Food is powerful. It tells stories. It travels. It can coax a smile in dire moments…

Oona Mackesey-Green
Collaborator

 

Crisp summer greens and the sour crunch of pickles. Teeth sinking through the chutney tucked between the lumps and bumps of pakora, reaching the rich, warm center of the dough. The sweet tang of cranberry sauce simmering on the stove. Food ushers us from season to season, with our taste buds tuned to find comfort in familiar dishes.

Food is powerful. It tells stories. It travels. It can coax a smile in dire moments (as I was recently reminded after absentmindedly checking a news alert during dinner).

Unlike the news, food is a bringer-together. Good food exists in the tiny center of the ven diagram of things that can make most people happy, alongside viral puppy videos and Instagram-able sunsets.

And we’re all entitled to our own definitions of “good food.” Isn’t that the beauty of it? America’s palate is as varied as its people.

In an era of hard news diets, when we can measure the day in headlines at least as easily as by the meals we’ve eaten, we need food for more than its nourishment. We need its roots. We need comfort food in the company of chosen family, and we need its counterpart the strange flavors that engulf us when we are invited to sit at someone else’s table.

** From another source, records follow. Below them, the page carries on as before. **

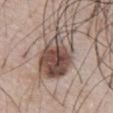Impression:
The lesion was tiled from a total-body skin photograph and was not biopsied.
Clinical summary:
The total-body-photography lesion software estimated a lesion area of about 23 mm², an eccentricity of roughly 0.85, and a symmetry-axis asymmetry near 0.2. The analysis additionally found a border-irregularity index near 3/10 and radial color variation of about 4. And it measured a nevus-likeness score of about 100/100 and lesion-presence confidence of about 95/100. A close-up tile cropped from a whole-body skin photograph, about 15 mm across. On the front of the torso. A male patient, about 70 years old. Measured at roughly 7.5 mm in maximum diameter. Imaged with white-light lighting.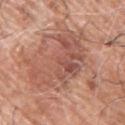The subject is a male about 60 years old.
A roughly 15 mm field-of-view crop from a total-body skin photograph.
Located on the chest.
Imaged with white-light lighting.
Approximately 7.5 mm at its widest.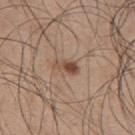The lesion was tiled from a total-body skin photograph and was not biopsied. The tile uses white-light illumination. On the upper back. A male subject, aged approximately 50. A roughly 15 mm field-of-view crop from a total-body skin photograph.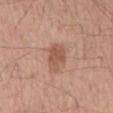Recorded during total-body skin imaging; not selected for excision or biopsy. The lesion is located on the lower back. The lesion's longest dimension is about 3.5 mm. A close-up tile cropped from a whole-body skin photograph, about 15 mm across. Automated tile analysis of the lesion measured a lesion area of about 7 mm². Captured under white-light illumination. The subject is a male aged 53–57.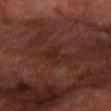  biopsy_status: not biopsied; imaged during a skin examination
  lesion_size:
    long_diameter_mm_approx: 3.0
  site: left forearm
  patient:
    age_approx: 65
  image:
    source: total-body photography crop
    field_of_view_mm: 15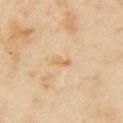Recorded during total-body skin imaging; not selected for excision or biopsy. The lesion-visualizer software estimated a lesion area of about 2.5 mm², an outline eccentricity of about 0.9 (0 = round, 1 = elongated), and a shape-asymmetry score of about 0.35 (0 = symmetric). The software also gave a lesion color around L≈65 a*≈16 b*≈39 in CIELAB, a lesion–skin lightness drop of about 7, and a normalized lesion–skin contrast near 5.5. It also reported a border-irregularity index near 3.5/10 and a within-lesion color-variation index near 0/10. It also reported a lesion-detection confidence of about 100/100. The lesion's longest dimension is about 2.5 mm. A female subject approximately 35 years of age. Located on the right upper arm. A 15 mm close-up extracted from a 3D total-body photography capture. Imaged with cross-polarized lighting.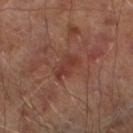Notes:
* biopsy status · catalogued during a skin exam; not biopsied
* location · the left lower leg
* patient · male, about 65 years old
* lesion diameter · ≈3 mm
* lighting · cross-polarized illumination
* image source · total-body-photography crop, ~15 mm field of view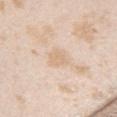follow-up — catalogued during a skin exam; not biopsied
patient — female, aged around 25
lighting — white-light illumination
site — the back
image — total-body-photography crop, ~15 mm field of view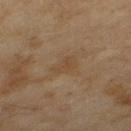Q: Was a biopsy performed?
A: total-body-photography surveillance lesion; no biopsy
Q: Patient demographics?
A: female, roughly 60 years of age
Q: What kind of image is this?
A: 15 mm crop, total-body photography
Q: Where on the body is the lesion?
A: the left thigh
Q: Automated lesion metrics?
A: a lesion area of about 3.5 mm², an outline eccentricity of about 0.8 (0 = round, 1 = elongated), and a symmetry-axis asymmetry near 0.4; border irregularity of about 3.5 on a 0–10 scale, a within-lesion color-variation index near 0.5/10, and a peripheral color-asymmetry measure near 0; an automated nevus-likeness rating near 0 out of 100 and a detector confidence of about 100 out of 100 that the crop contains a lesion
Q: What lighting was used for the tile?
A: cross-polarized illumination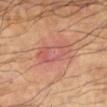| field | value |
|---|---|
| workup | total-body-photography surveillance lesion; no biopsy |
| site | the left lower leg |
| subject | male, aged around 60 |
| illumination | cross-polarized |
| acquisition | ~15 mm crop, total-body skin-cancer survey |
| automated metrics | a border-irregularity index near 3.5/10 |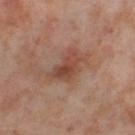biopsy status — no biopsy performed (imaged during a skin exam) | patient — female, approximately 55 years of age | location — the right thigh | lighting — cross-polarized illumination | diameter — ≈4 mm | acquisition — 15 mm crop, total-body photography | image-analysis metrics — an average lesion color of about L≈46 a*≈22 b*≈29 (CIELAB), roughly 9 lightness units darker than nearby skin, and a normalized border contrast of about 7; a border-irregularity rating of about 4.5/10 and a within-lesion color-variation index near 5/10; lesion-presence confidence of about 100/100.

As another seasonal milestone and harbringer of change approaches the midterm elections the hunger for an easy answer may threaten to overwhelm at the ballot box, or even before you reach the polls. Or, given the current state of politics, you may have lost your appetite. But voting is a democratic ritual as important as sitting down with friends, family and neighbors to share a meal. It roots us, together, in the messes of the present moment, while offering tastes of a better tomorrow.